洛望舒手一抖,筆尖狠狠地偏離出去,進村后的第一幅畫就毀在這里。
“滾!誰是你老公!”有人氣得笑了,跟她打鬧起來。“把‘封筆’兩個字咽下去,明明就是休息兩年,別歪解好不好!”
“以前那個誰不就是嘴上說著休息,結果到現在還沒新書出來嗎?”那人手背被涂了一道顏料,忙打手勢服輸。“好好好我嘴欠!”她抽紙擦了擦手,接著笑道:“我就隨便說說,你當我是什么嘴,說什么應驗什么啊?”
“那可不一定,萬一你就烏鴉嘴了呢。”對方撇撇嘴。
“要應驗也請千萬應驗前一句,景行要是我老公,我才不管他封不封筆。”她感慨地雙手合十。
朋友拍拍她的肩膀,讓她別做白日夢:“年輕人出門小心點,洛水三千的粉絲正在提刀趕來的路上。”

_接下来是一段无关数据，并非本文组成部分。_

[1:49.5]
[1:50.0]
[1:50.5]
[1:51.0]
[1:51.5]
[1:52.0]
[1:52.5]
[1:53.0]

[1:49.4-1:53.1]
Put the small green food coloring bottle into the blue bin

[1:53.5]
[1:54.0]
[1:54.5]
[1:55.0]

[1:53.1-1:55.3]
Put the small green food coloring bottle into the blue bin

洛望舒剛換好新的畫紙,提筆正要往上面點,聽到這句手又頓住,把手肘抵在膝蓋上,微微垂下頭,心臟怦怦直跳。沒等他從不自在里脫身出來,眼前遞來一柄紙折的扇子,身邊的男生問他:“你是不是覺得熱了?要用扇子嗎?”
洛望舒愣了一下,笑著搖搖頭:“不用,謝謝。”
“我還以為你大清早就被太陽曬熱了。”對方也笑起來,把紙扇旋回掌心,指了指自己的耳朵。“你耳朵都紅了。”
洛望舒一時語塞,把目光錯開,移回畫紙,努力集中精力開始勾勒線條:“……是有點曬,不過還好,不怎么熱。”

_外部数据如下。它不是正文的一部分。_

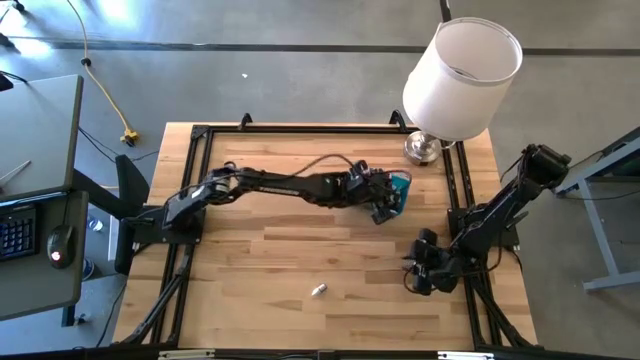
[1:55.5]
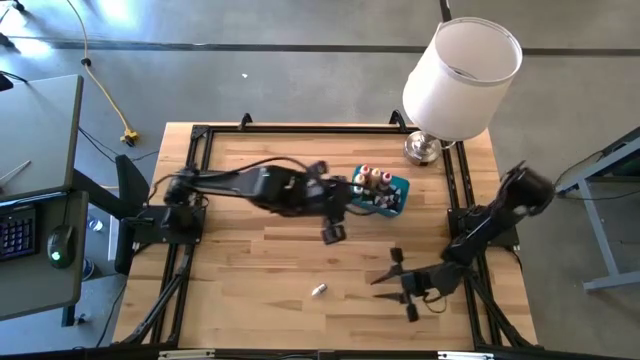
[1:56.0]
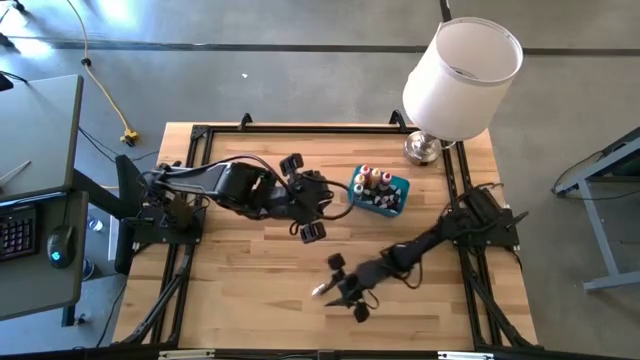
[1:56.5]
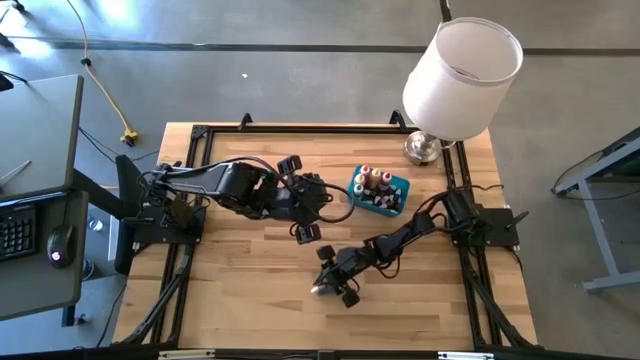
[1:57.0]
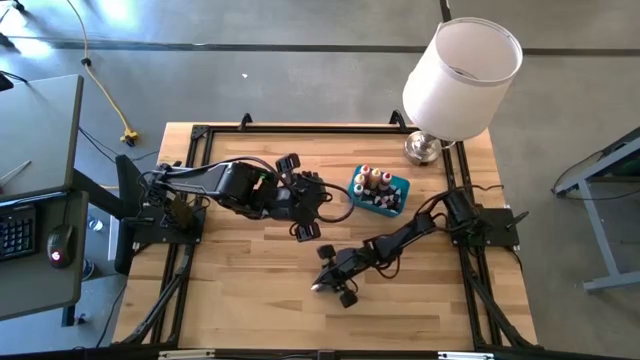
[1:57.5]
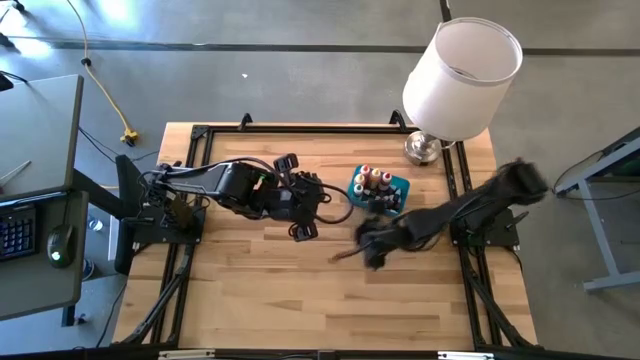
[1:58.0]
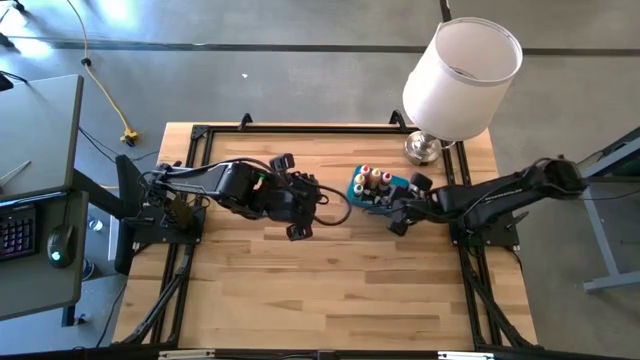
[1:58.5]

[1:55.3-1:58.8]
Put the small purple food coloring bottle into the blue bin

他們在交談的時候,另外一邊的女生接了一通電話,對著另一端沒說幾句就拉高著聲調從地上標槍似的躥起來,把手遮在眼前,踮腳對著河對面張望,興奮道:“真是太麻煩您了!竟然這么快就到了!”
她聲音有點大,周邊又空曠,坐在附近的幾個人一齊把頭扭向她。
“沒事沒事,我們就在橋這邊,您一來我們就能看到。”女生把筆丟回盛著河水的小桶,邊掛電話邊走到男生那邊迅速拍過幾個人的肩膀:“快快快!書到了,你們幾個都來幫忙搬書啊!”
昨晚一共湊了十九套小說,參加寫生的人幾乎人人一套。要是大家都一股腦地圍上去,指不定老教授得吹胡子氣成什么樣,一兩個女生也搬不了將近四十本的書,最好的辦法就是讓訂書的男生去當苦力。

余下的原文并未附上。